YOUR INSTRUCTIONS
Each record that follows should be duplicated exactly, except for its pictures.

Dataset entries:
+ + + + + + +
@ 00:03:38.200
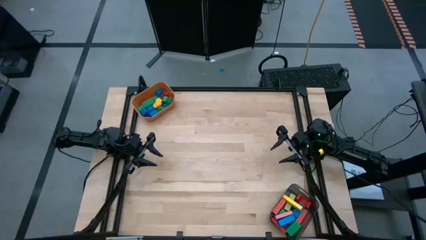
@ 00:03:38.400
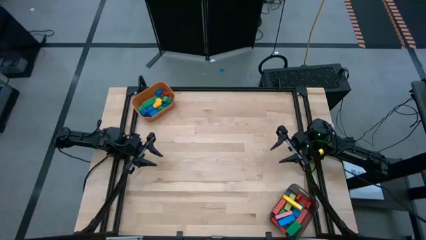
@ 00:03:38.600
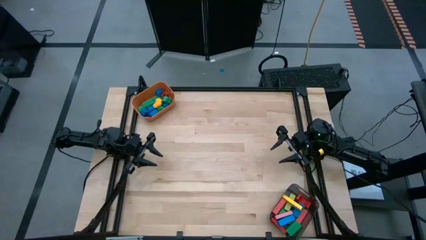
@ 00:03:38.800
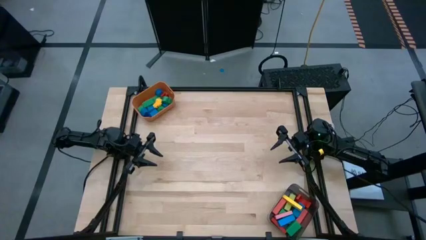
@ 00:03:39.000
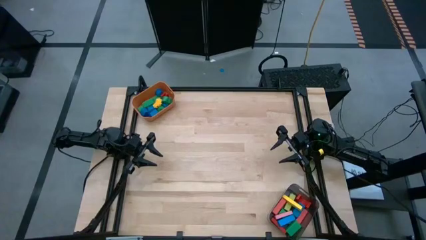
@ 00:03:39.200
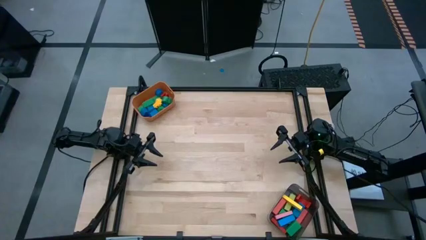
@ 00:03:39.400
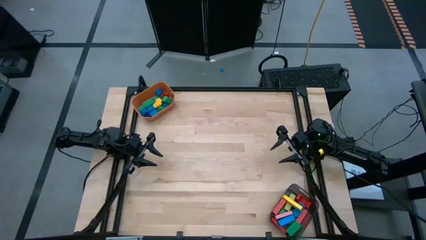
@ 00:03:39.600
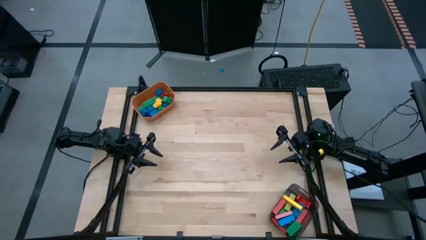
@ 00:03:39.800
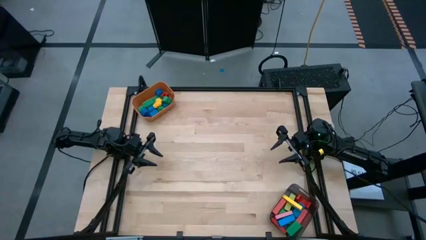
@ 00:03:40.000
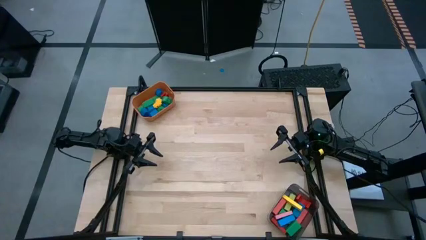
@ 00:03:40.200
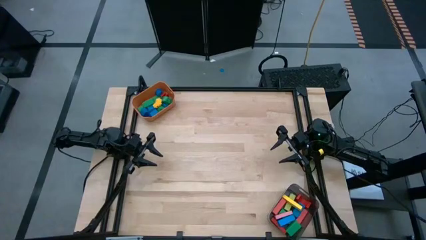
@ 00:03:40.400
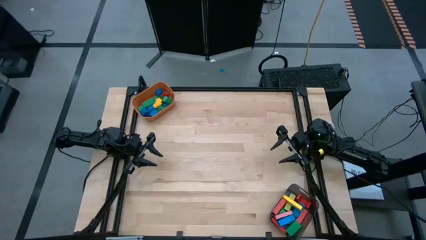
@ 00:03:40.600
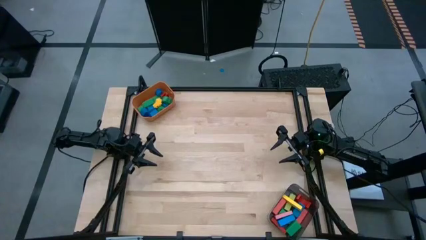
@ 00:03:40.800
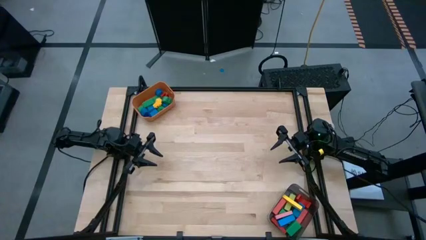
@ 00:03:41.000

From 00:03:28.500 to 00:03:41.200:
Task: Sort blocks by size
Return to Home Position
+ + + + + + +
TASK ANSWER
@ 00:03:38.200
@ 00:03:38.400
@ 00:03:38.600
@ 00:03:38.800
@ 00:03:39.000
@ 00:03:39.200
@ 00:03:39.400
@ 00:03:39.600
@ 00:03:39.800
@ 00:03:40.000
@ 00:03:40.200
@ 00:03:40.400
@ 00:03:40.600
@ 00:03:40.800
@ 00:03:41.000

From 00:03:28.500 to 00:03:41.200:
Task: Sort blocks by size
Return to Home Position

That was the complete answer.